Environmentalists and dam opponents, meanwhile, were also frustrated by the board's deliberations before its final vote. That's because at one point during the meeting, four members of the board were ready to support a plan that would have made any dam project much less likely.

The proposal came from Frank Mellon, who represents the Castro Valley area. Mellon suggested that the agency adopt an ambitious, 15 percent water rationing plan, which would have slashed water use to such a degree that the dam possibly would be unneeded. Along with Mellon, Linney, Katz, and McIntosh supported the idea, thereby giving it the four votes required to pass. Linney represents Alameda and parts of Oakland, Katz represents Berkeley and North Oakland, and McIntosh represents Richmond. Linney, Katz, and McIntosh also voted at one point in the meeting to kill the dam proposal outright.

But during the board's discussion, Mellon and Katz got into a disagreement that eventually torpedoed the 15 percent rationing. Mellon wanted to vote on the proposal and his plan to further reduce the proposed dam's size, but the details-oriented Katz first wanted to discuss the many other objections he had with East Bay MUD's plans, including numerous minor complaints that paled in importance to Mellon's proposals.

At that point, the meeting had passed the five-hour mark, and board members were obviously growing tired. So when it became clear that Katz would not yield and that it would take a long time to go through all of his concerns, Mellon grew frustrated and stormed out. Mellon, who is known to have a short temper, told the rest of the board that he had a prior engagement and couldn't wait until Katz was done. Sure enough, Katz' issues took more than an hour to deal with.

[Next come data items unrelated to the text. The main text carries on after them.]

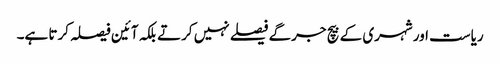
ریاست اور شہری کے بیچ جرگے فیصلے نہیں کرتے بلکہ آئین فیصلہ کرتا ہے۔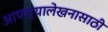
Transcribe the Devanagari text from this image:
आपल्यालेखनासाठी
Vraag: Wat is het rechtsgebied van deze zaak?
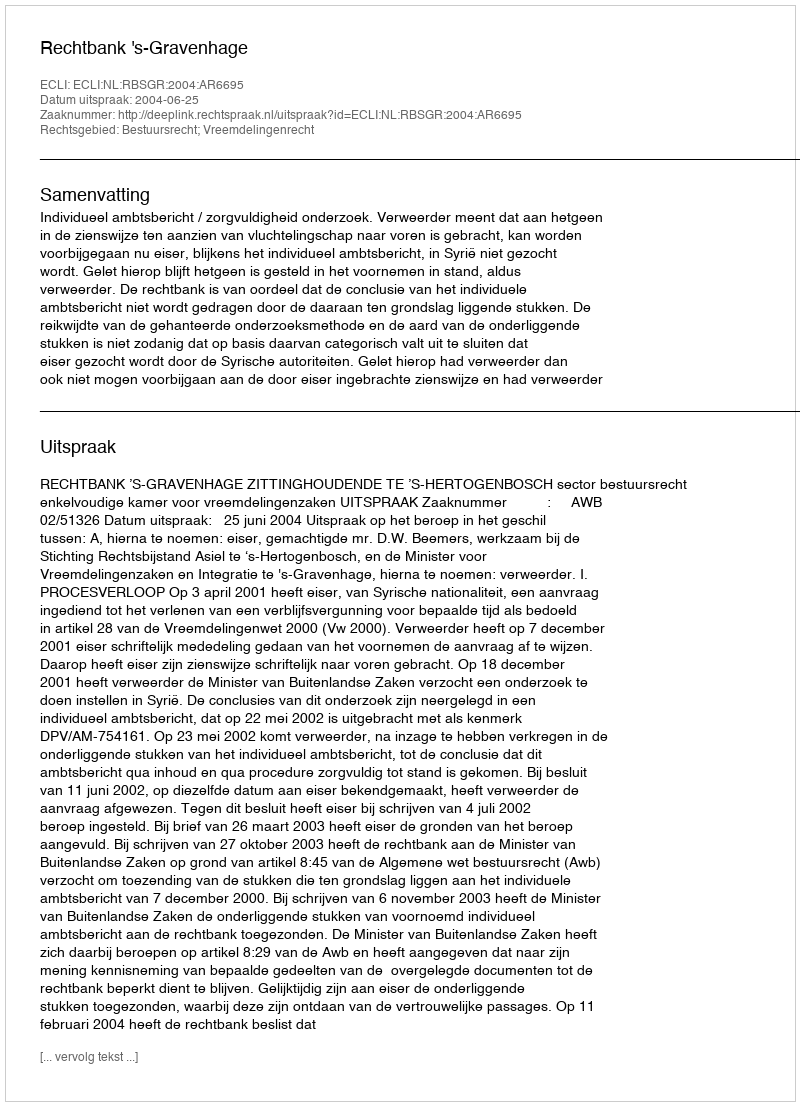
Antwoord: Bestuursrecht; Vreemdelingenrecht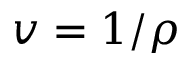
v = 1 / \rho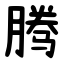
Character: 腾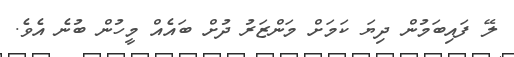
ލޭ ފައިބަމުން ދިޔަ ކަމަށް މަންޒަރު ދުށް ބައެއް މީހުން ބުނެ އެވެ.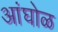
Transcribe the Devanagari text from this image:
अांघोळ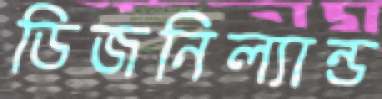
ডিজনিল্যান্ড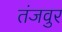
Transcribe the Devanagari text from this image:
तंजवुर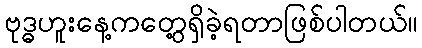
ဗုဒ္ဓဟူးနေ့ကတွေ့ရှိခဲ့ရတာဖြစ်ပါတယ်။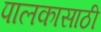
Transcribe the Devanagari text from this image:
पालकासाठी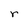
Character: r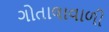
ગોતાલાવાળી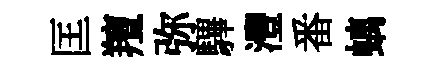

But Mellon's departure meant that there were no longer four votes for 15 percent rationing. So the proposal eventually failed 3-3, with Katz, Linney, and McIntosh voting "yes," and Coleman; Foulkes, who represents Montclair and Orinda; and Patterson, who represents East Oakland; voting "no." After the meeting, Nesmith of the Sierra Club approached Katz and was visibly unhappy, telling him that his actions were "not helpful." "It's really a shame that it didn't go through," Nesmith said later, referring to the rationing plan.

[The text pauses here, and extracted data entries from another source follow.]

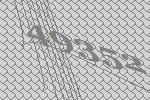
49352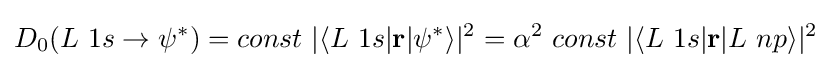
D_{0}(L\ 1s\rightarrow \psi ^{*})=const\ \vert \langle L\ 1s\vert \mathbf {r} \vert \psi ^{*}\rangle \vert ^{2}=\alpha ^{2}\ const\ \vert \langle L\ 1s\vert \mathbf {r} \vert L\ np\rangle \vert ^{2}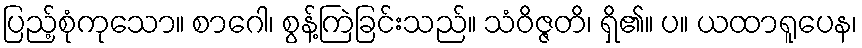
ပြည့်စုံကုသော။ စာဂေါ၊ စွန့်ကြဲခြင်းသည်။ သံဝိဇ္ဇတိ၊ ရှိ၏။ ပ။ ယထာရူပေန၊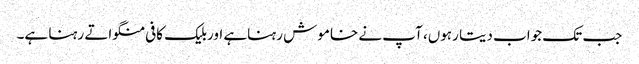
جب تک جواب دیتا رہوں، آپ نے خاموش رہناہے اوربلیک کافی منگواتے رہنا ہے۔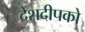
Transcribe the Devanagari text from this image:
देशदीपको

After the meeting, Katz said in hindsight that he would have taken a different approach if he had known what was going to happen. "If Frank had said before the meeting or during the recess that he was going to leave, I would have planned for that," he said. He added that it was unfortunate that the board's final long-range water plan, which requires only 10 percent rationing, does not reflect what the board majority wanted. He said he had not yet decided whether to ask the board to revisit the issue.

Mellon's exit also changed the course of discussions over the size of the dam. Before departing, he proposed a slightly smaller structure — at maximum five-feet shorter — than the one the board eventually approved. But environmentalists, including Katherine Evatt of the Foothill Conservancy, which has been fighting to protect the Mokelumne for twenty years, said after the meeting that Mellon's proposal didn't represent much of an improvement, because it would still have ruined up 1.2 miles of the river.

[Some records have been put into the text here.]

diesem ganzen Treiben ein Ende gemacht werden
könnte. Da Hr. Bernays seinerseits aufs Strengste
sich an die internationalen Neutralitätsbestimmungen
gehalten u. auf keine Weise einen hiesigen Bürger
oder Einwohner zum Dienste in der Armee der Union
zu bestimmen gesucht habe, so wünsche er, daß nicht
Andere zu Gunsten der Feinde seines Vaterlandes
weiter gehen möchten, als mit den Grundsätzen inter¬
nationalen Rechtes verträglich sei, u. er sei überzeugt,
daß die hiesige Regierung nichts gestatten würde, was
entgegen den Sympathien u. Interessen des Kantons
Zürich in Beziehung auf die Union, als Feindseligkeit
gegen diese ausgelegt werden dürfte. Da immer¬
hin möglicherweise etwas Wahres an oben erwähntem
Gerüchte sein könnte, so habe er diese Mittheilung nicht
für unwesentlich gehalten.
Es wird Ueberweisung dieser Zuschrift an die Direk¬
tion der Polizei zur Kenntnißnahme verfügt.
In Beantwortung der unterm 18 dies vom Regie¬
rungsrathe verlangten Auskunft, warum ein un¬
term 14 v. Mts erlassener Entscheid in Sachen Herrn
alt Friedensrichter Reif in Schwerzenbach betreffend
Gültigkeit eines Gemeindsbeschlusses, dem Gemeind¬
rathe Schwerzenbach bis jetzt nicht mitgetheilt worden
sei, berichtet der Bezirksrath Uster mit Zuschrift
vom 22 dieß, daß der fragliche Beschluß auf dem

Finally, it should be noted that some of the other news media that have covered this controversy have repeatedly referred to it as a proposal to "raise" the existing Pardee Dam. East Bay MUD officials have sometimes described it the same way. But that characterization is inaccurate. The old Pardee Dam, built in the 1920s, is structurally incapable of being made taller. As a result, East Bay MUD is proposing to build a new, larger dam downstream from the old one that would significantly expand the existing Pardee Reservoir.